— What the exercise asks —
In the records below, find the line with "So they live" and the line with "Salute ha inviato"; return exactly those lines and every line between them.

— Records for the task —
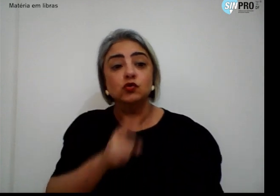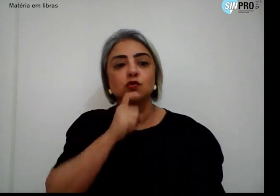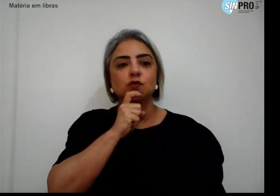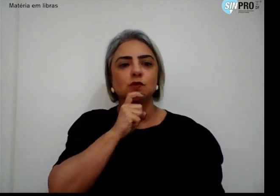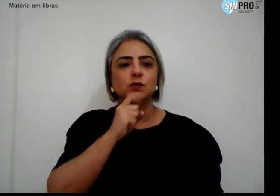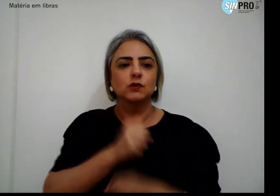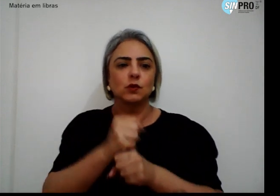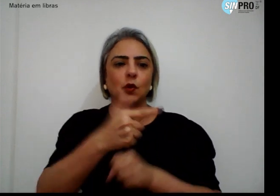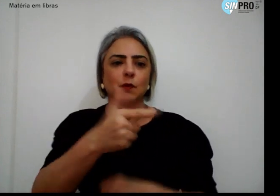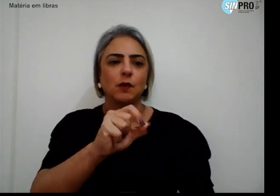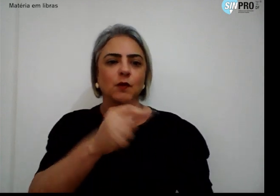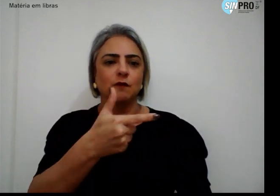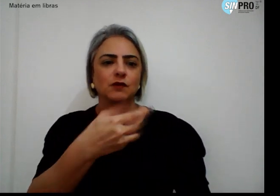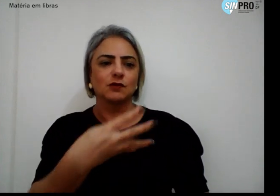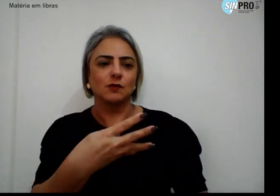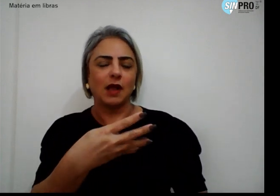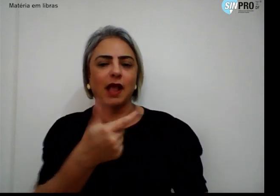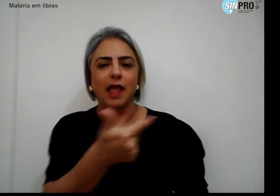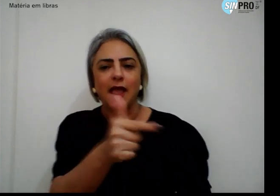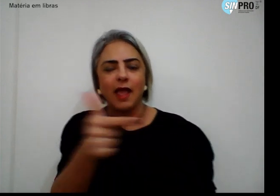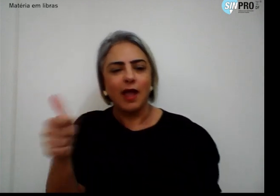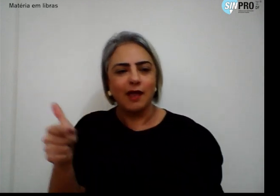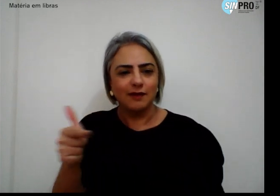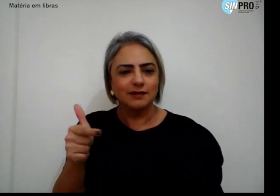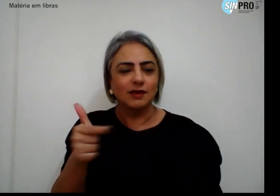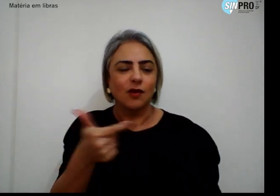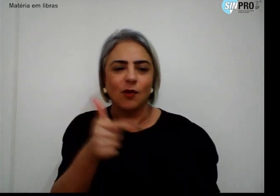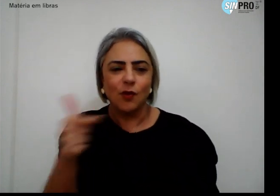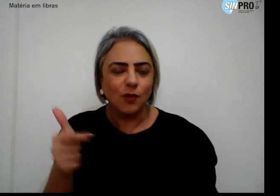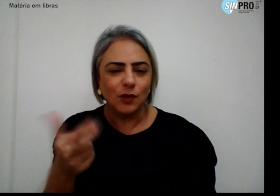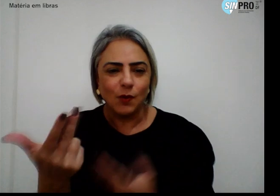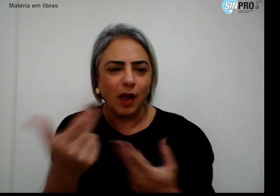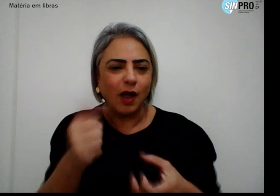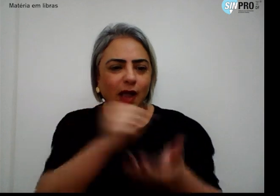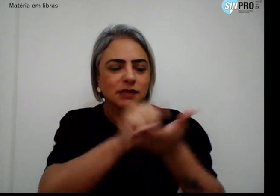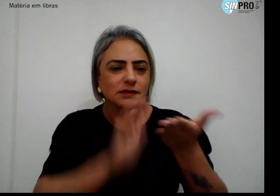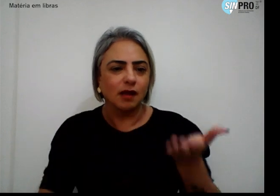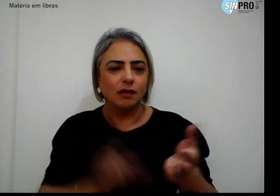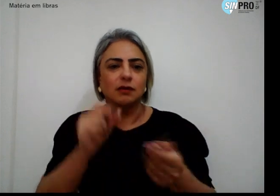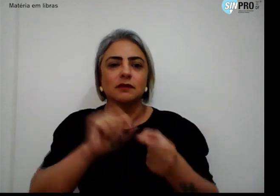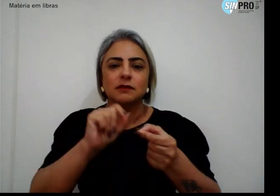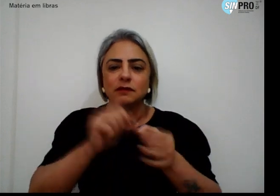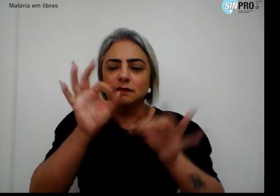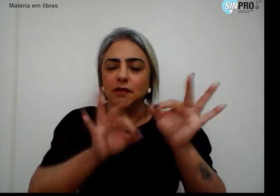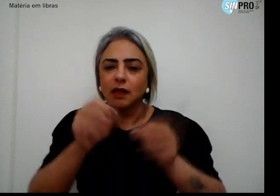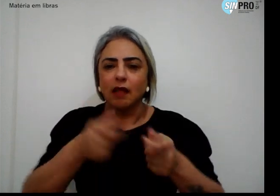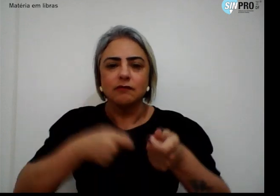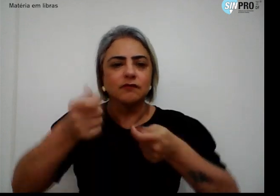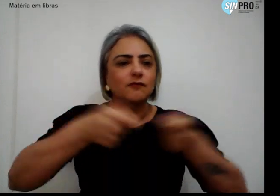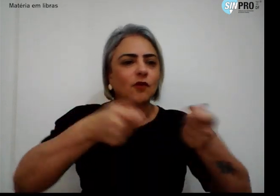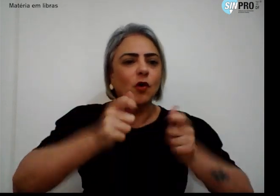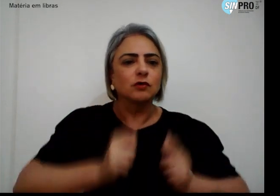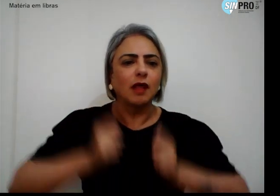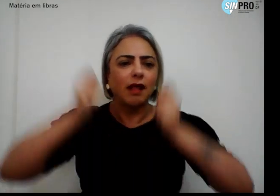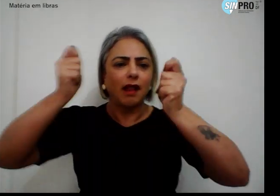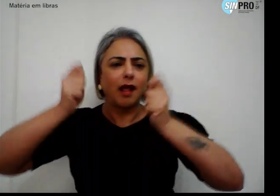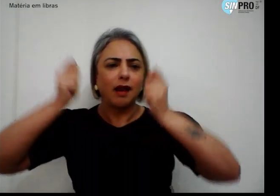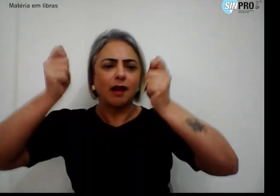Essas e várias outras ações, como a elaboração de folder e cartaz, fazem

==

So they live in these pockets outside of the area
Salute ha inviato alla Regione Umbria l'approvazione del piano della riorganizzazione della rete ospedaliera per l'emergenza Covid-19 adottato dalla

— Output of the task —
So they live in these pockets outside of the area
Salute ha inviato alla Regione Umbria l'approvazione del piano della riorganizzazione della rete ospedaliera per l'emergenza Covid-19 adottato dalla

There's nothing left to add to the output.